Les politiques de contrôle du tabac ont réussi à communiquer les méfaits associés au tabagisme, et à encourager la prise de mesures pour réduire sa prévalence, ce qui a considérablement réduit le tabagisme dans certaines parties du monde - principalement dans les pays développés (mais le tabagisme continue d'augmenter dans de nombreuses autres parties du monde).

Cependant, dans les pays développés, beaucoup de gens continuent de fumer – environ 20% de la population du Royaume-Uni, mais environ 30% dans d'autres pays comme l'Espagne ou la France. La plupart des fumeurs veulent arrêter de fumer, mais beaucoup trouvent difficile de renoncer à la nicotine, ou n'en ont simplement pas envie.

"Si l'OMS suggère que les e-cigarettes sont aussi dangereuses que les autres produits du tabac, elle enverra un message erroné et sombre aux millions d'utilisateurs actuels de e-cigarettes qui les ont utilisées pour arrêter de fumer," a déclaré Robert West, un signataire de cette lettre, Professeur de psychologie de la santé et Directeur des études sur le tabac à l'University College de Londres. "Cela découragerait les fumeurs de les essayer, et nous passerions à côté d'une occasion majeure de réduire la mortalité due au tabagisme à l'échelle mondiale."

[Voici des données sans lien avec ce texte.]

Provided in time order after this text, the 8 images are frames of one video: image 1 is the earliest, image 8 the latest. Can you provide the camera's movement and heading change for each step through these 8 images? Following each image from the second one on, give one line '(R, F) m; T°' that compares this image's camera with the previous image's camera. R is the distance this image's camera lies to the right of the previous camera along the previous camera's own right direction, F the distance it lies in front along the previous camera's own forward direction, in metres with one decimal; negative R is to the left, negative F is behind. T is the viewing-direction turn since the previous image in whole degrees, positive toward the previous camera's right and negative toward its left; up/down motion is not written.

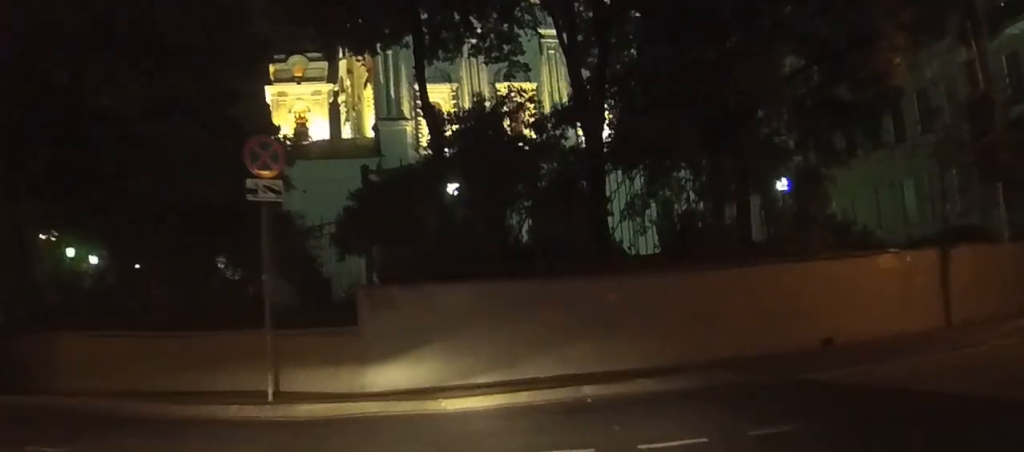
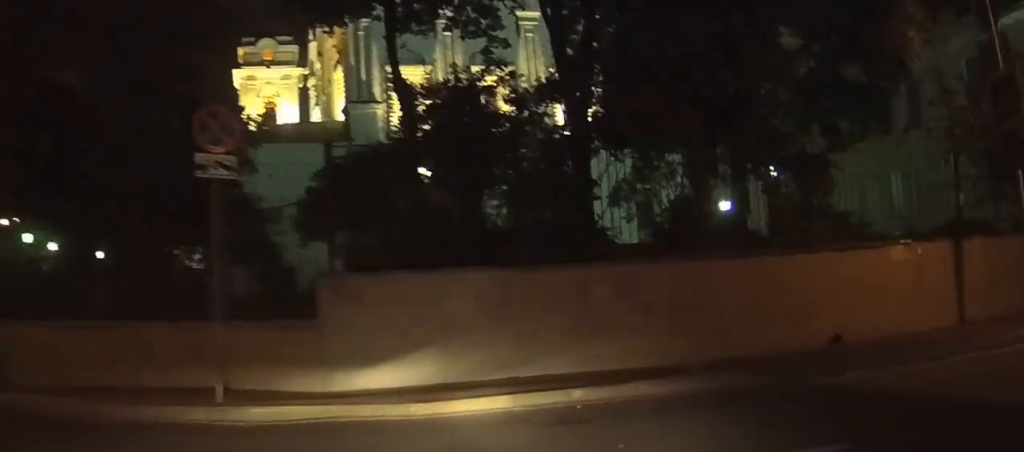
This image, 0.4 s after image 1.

Les scientifiques savent depuis des années que les gens "fument pour la nicotine, mais meurent de la fumée." Les décès et les maladies attribuables au tabac proviennent de l'inhalation de particules de goudron et de gaz toxiques dans les poumons.

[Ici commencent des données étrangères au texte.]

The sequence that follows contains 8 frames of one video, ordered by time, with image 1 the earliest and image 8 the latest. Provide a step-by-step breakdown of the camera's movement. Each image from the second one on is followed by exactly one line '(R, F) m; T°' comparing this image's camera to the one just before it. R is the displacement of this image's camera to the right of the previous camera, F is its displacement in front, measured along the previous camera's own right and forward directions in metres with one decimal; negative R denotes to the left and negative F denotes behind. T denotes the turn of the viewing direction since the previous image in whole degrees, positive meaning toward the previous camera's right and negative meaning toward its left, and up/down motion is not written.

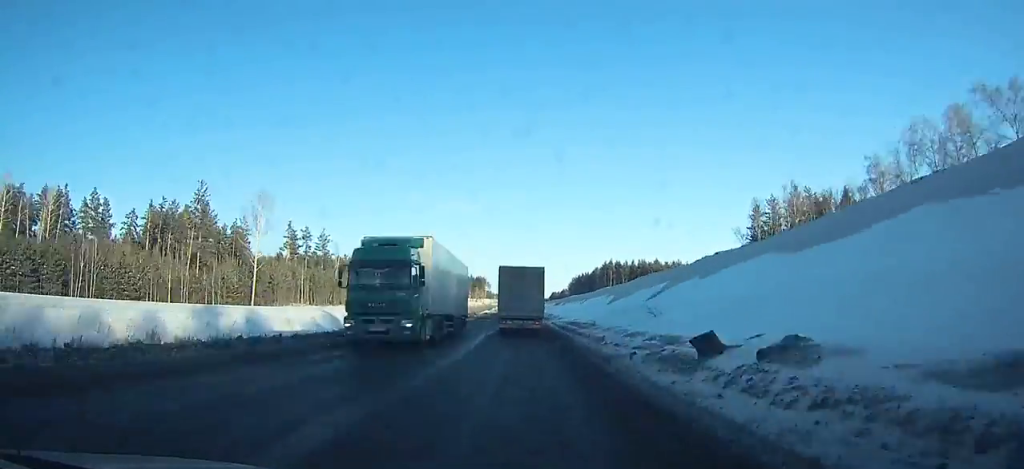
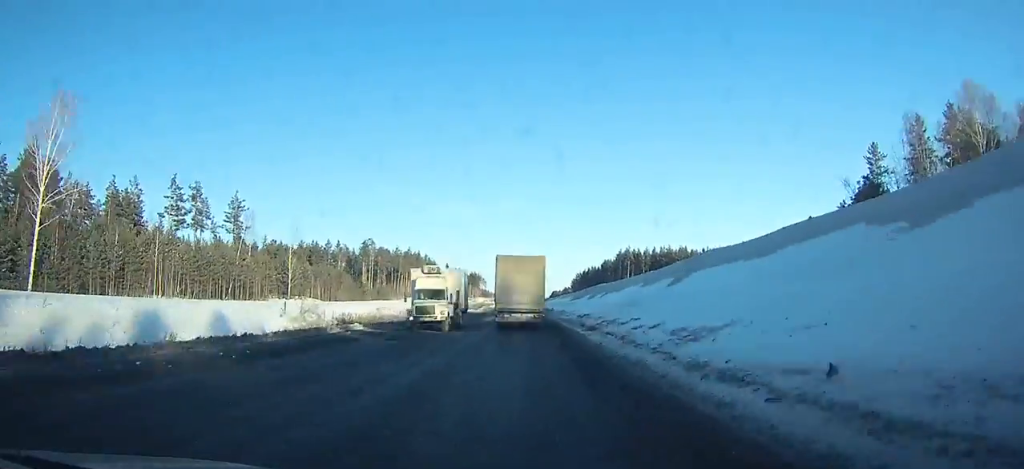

Les signataires de cette lettre croient fermement que les produits de "réduction du risque tabagique", comme les e-cigarettes et d'autres produits moins dangereux que la cigarette, comme le snus, pourraient être la solution. Les personnes qui fument actuellement pourraient faire beaucoup moins de mal à leur santé s'ils consommaient de la nicotine sous une forme à faible risque, non-combustible.

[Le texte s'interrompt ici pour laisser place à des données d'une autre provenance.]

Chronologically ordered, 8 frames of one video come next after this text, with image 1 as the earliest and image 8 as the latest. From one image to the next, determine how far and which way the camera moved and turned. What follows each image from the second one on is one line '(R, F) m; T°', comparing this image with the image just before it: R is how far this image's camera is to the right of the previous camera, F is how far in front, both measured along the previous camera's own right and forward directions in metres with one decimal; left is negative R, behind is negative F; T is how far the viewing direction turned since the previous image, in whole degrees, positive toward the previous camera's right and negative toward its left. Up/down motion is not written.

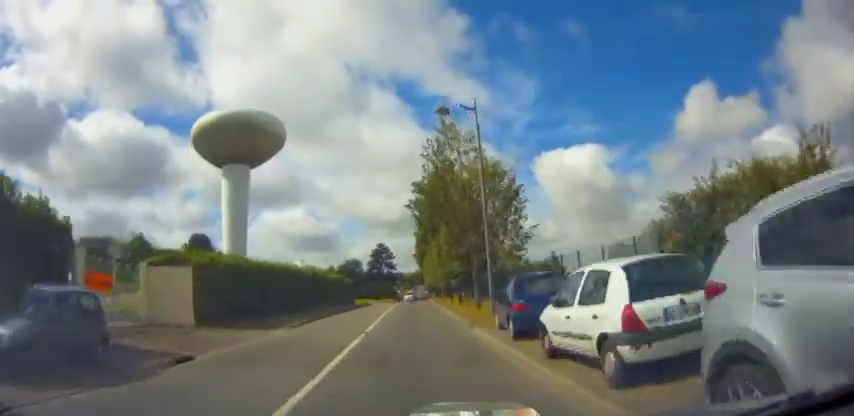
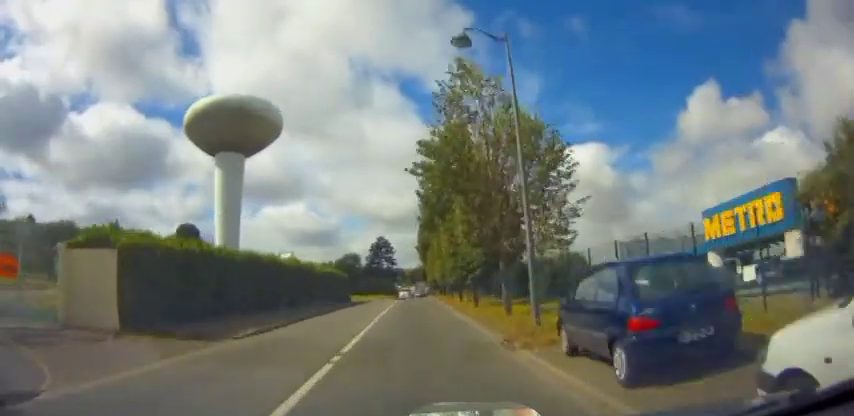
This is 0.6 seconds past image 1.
(0.0, +4.4) m; 0°
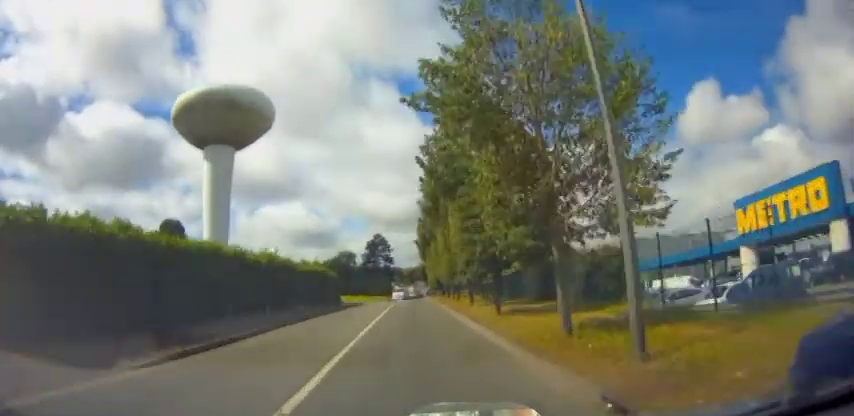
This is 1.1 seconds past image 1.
(0.0, +4.5) m; 0°
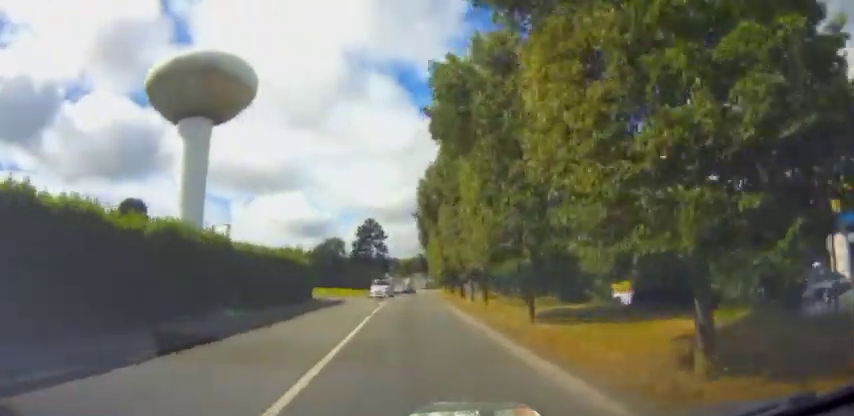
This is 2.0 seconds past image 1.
(0.0, +9.7) m; +1°
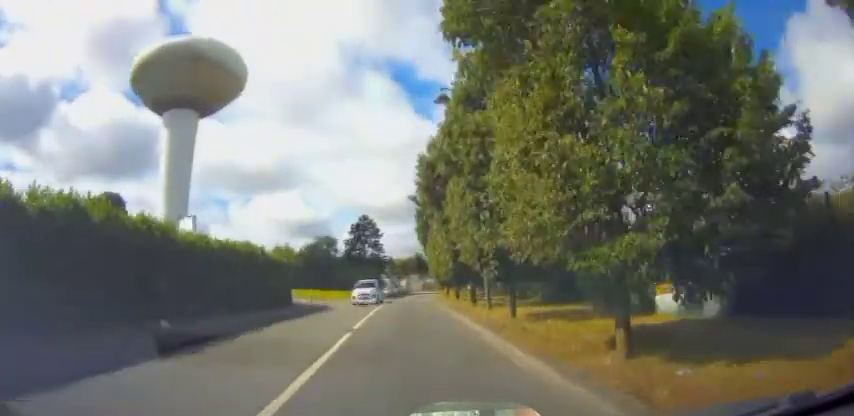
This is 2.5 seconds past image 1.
(0.0, +4.6) m; +1°
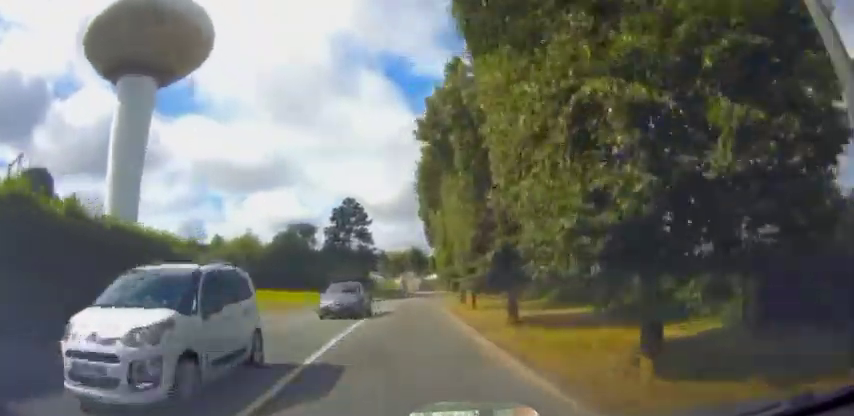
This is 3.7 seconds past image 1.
(+0.4, +14.5) m; 0°
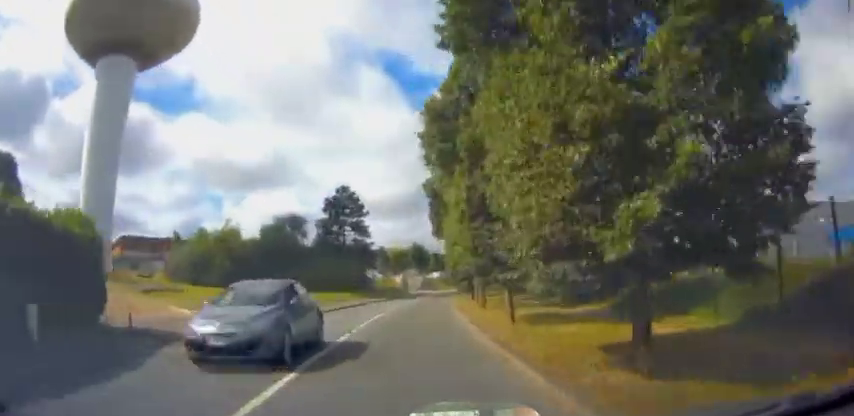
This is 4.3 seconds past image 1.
(-0.2, +6.6) m; -1°
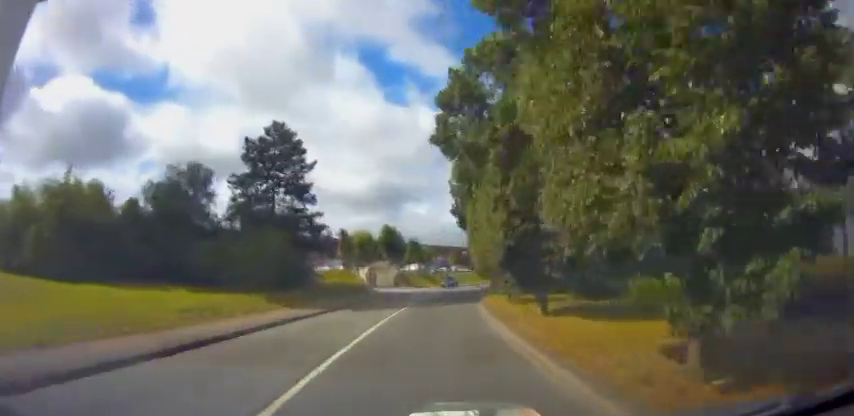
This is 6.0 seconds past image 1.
(0.0, +21.0) m; +3°

"L'utilisation d'e-cigarettes a été une révolution menée par les consommateurs, et s'est développée comme une initiative de santé publique menée par la base, qui pourrait sauver des millions de vies," a déclaré John Britton, Professeur d'Epidémiologie à l'Université de Nottingham, RU. "Elle s'est amplifiée à une vitesse qui montre à quel point les fumeurs veulent et choisissent des produits à base de nicotine qui ne tuent pas. J'espère que l'OMS et les décideurs de la santé publique reconnaitront et exploiteront les bénéfices de santé que les e-cigarettes peuvent procurer."

Dans leur lettre à la Directrice générale de l'OMS, Margaret Chan, les 53 signataires affirment que les produits de réduction du risque tabagique pourraient jouer un rôle significatifs pour atteindre les objectifs de 2025 de l'ONU, qui visent à réduire les maladies non transmissibles.

Ils affirment que les objectifs de réduction de la consommation de tabac de l'OMS devraient être alignés avec le but ultime de réduire les maladies et les décès prématurés. Il serait contre-productif d'inclure les produits à base de nicotine à faible risque, telles que les cigarettes électroniques, au sein de ces objectifs - comme cela a été proposé – au contraire, ces produits devraient avoir un rôle important dans la réalisation de ces objectifs.

Notes aux éditeurs

(1) La lettre signée par 53 experts scientifiques et experts des politiques de santé, et les annexes d'information, sont disponibles sur le site Nicotine Science and Policy: http://nicotinepolicy.net/n-s-p/1751-statement-who-052014
la version française est ci-dessous

(2) La Convention-cadre pour la lutte antitabac a été adoptée en 2003 et établit un cadre pour le contrôle et la réduction de la consommation de tabac. À l'exception notable des États-Unis, la plupart des pays (173) sont Parties de la convention. La sixième session de la Conférence des Parties devrait être tenue à Moscou du 13 au 18 octobre 2014 http://www.who.int/fctc/en/

(3) Un document divulgué suggère que l'OMS a adopté une approche hostile aux e-cigarettes et à d'autres alternatives au tabagisme. Ces documents et un commentaire sont disponibles ici:

(4) Action on Smoking and Health. (2014). http://www.ash.org.uk/media-room/press-releases/:over-2-million-britons-now-regularly-use-electronic-cigarettes. Au Royaume-Uni, le nombre de personnes utilisant des e-cigarettes a triplé en deux ans, atteignant maintenant 2,1 millions – environ un tiers sont maintenant des ex-fumeurs.